Task item – Only the lines below from the one containing "An aerial image." through the one containing "Hernia: negative" belong in the answer, set down exactly, with the pictures left out.

Supplied material –
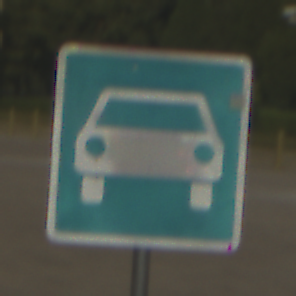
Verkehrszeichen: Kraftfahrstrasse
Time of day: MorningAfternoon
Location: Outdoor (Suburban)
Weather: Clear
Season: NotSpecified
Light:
--
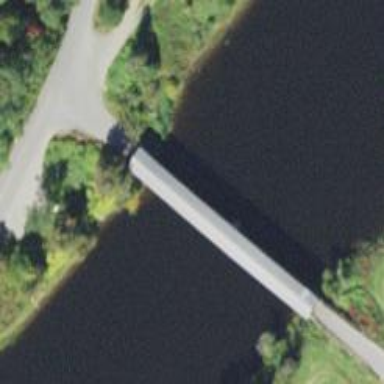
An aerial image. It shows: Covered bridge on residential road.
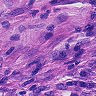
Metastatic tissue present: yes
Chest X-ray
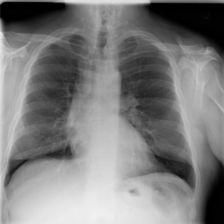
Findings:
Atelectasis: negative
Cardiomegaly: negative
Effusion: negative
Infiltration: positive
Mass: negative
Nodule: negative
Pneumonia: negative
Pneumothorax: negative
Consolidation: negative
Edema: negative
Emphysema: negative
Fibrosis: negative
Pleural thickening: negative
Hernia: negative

Result for this exercise –
An aerial image. It shows: Covered bridge on residential road.
Metastatic tissue present: yes
Chest X-ray
Findings:
Atelectasis: negative
Cardiomegaly: negative
Effusion: negative
Infiltration: positive
Mass: negative
Nodule: negative
Pneumonia: negative
Pneumothorax: negative
Consolidation: negative
Edema: negative
Emphysema: negative
Fibrosis: negative
Pleural thickening: negative
Hernia: negative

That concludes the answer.